In a drawback to its international expansion plans, a Six Flags theme park that was supposed to open late next year in Dubai is now under review by its struggling owner, executives from Six Flags Entertainment said Wednesday.
DXB Entertainments, which owns the Dubai Parks and Resorts complex where the new Six Flags is under construction, has posted losses as attendance failed to meet expectations. The resort already includes a Legoland, water park, and theme parks based on Hollywood and Bollywood films.
Wednesday was the first time Six Flags officials addressed what that could mean to the project — though they had few details other than saying that an on-time opening in 2019 was unlikely. Executives addressed the issue during an earnings call that included a few pieces of bad news; shares fell 16 percent.
“We cannot speak for our partner,” said Jim Reid-Anderson, president and CEO of Six Flags Entertainment. “They’re trying to work through what they do next. We don’t have an answer. I wish I could give you an answer to say, ‘This is what will happen.'”
Reid-Anderson and Chief Financial Officer Marshall Barber said the Dubai operator is up-to-date on payments to Six Flags. The company has said in the past that international licensing fees, one of its key growth initiatives, represent $5 million to $10 million a year in earnings before a park opens and $10 million to $20 million a year once parks are operating.
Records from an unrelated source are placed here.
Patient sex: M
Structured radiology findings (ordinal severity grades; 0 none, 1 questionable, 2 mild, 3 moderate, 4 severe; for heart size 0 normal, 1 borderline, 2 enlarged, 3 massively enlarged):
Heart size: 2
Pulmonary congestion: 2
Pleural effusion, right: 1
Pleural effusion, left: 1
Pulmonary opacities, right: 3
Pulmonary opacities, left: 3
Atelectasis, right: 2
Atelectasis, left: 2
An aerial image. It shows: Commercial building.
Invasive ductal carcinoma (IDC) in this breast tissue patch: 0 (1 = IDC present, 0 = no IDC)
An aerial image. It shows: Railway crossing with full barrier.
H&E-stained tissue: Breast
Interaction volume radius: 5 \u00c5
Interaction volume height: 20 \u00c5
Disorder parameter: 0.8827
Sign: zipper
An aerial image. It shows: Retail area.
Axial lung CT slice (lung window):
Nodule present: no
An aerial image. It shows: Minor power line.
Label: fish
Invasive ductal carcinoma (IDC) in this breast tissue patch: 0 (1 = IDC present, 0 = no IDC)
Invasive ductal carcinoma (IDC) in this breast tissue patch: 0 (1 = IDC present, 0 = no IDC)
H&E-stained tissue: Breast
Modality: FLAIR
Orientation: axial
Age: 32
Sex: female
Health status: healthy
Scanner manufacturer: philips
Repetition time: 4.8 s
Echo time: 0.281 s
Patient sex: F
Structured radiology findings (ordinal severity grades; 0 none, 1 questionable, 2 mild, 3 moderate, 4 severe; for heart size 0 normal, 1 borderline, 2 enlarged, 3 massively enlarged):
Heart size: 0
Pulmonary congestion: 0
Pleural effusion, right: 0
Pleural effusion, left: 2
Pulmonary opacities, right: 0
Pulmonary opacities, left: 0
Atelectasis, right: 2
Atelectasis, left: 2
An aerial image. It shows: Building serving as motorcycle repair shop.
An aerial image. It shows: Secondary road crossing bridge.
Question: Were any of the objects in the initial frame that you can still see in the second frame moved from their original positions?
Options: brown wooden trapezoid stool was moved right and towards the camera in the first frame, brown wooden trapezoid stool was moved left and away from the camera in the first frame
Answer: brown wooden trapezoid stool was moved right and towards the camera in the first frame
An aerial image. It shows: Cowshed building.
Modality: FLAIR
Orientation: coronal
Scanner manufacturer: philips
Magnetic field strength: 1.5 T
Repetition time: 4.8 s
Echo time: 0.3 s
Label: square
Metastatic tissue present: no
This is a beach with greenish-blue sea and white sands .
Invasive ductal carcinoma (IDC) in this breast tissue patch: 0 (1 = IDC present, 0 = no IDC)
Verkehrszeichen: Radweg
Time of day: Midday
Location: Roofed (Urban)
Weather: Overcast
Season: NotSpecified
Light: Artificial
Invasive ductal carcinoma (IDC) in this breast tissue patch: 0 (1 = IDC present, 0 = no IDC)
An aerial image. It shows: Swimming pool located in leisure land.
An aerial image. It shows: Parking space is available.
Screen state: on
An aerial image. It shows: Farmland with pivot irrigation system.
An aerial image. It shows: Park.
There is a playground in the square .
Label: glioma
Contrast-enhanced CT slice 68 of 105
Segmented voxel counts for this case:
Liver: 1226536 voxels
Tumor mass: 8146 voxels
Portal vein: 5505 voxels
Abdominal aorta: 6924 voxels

The Dubai park would fall on the low end of that range, Reid-Anderson said.
“The risk, for us, is minimal,” he said. “And I would tell you that this was our smallest park in terms of our expectations with regard to revenue and [earnings before interest, taxes, depreciation, and amortization], in terms of the outlook. So whilst we would never want the park not to go ahead, if it happens, it’s something we would manage through very
This isn’t the first hurdle on the path to international expansion. DXB Entertainments was in arrears on payments earlier this year, and a project with partners in Vietnam ran into trouble last year. Projects in China and Saudi Arabia are still moving forward to open over the next few years.
“Our strategy remains an important opportunity for the long term,” Barber said. “There’s always a potential for short-term challenges when working in emerging markets.”
The Dubai discussion came as the Texas-based theme park operator reported that third-quarter revenue increased 7 percent year-over-year to $620 million, driven in part by a 5 percent jump in attendance. During the quarter that ended Sept. 30, 13.6 million people visited the company’s 25 parks, including five that were recently acquired.
Also fueling growth: revenue for international agreements, which increased 42 percent to nearly $36 million.
Profit increased 2 percent to $3 million, while earnings before interest, taxes, depreciation, and amortization — called EBITDA — was up 2 percent to $307 million.
‘Slammed by Weather’
Despite the increases, Reid-Anderson said bad weather was a “net drag” on attendance during the quarter, estimating that hundreds of thousands of visits were lost.
He cited “the worst third-quarter weather” in his nine years at the company as a reason for the sluggish growth in earnings, which missed analyst expectations. The company also said meeting its goal of $600 million in modified earnings this year would be “more challenging” due to the weather hit.
Shares fell 16 percent to close at $53.30 Wednesday.
“I feel like we have been slammed by weather,” Reid-Anderson said. “We have the right imperative. I wouldn’t change a single thing in terms of what we’re doing. … But it’s
realistic to say that the growth to date in EBITDA hasn’t been at the level that we would’ve liked to have if weather had cooperated.”
Barber said the operator’s fundamental growth drivers were still sound and pointed out that revenue and adjusted earnings had reached record levels for the first nine months of the year.
“We’re doing what we need to do to drive the business,” he said. “And the weather will improve. It’s not going to be worse than average forever.”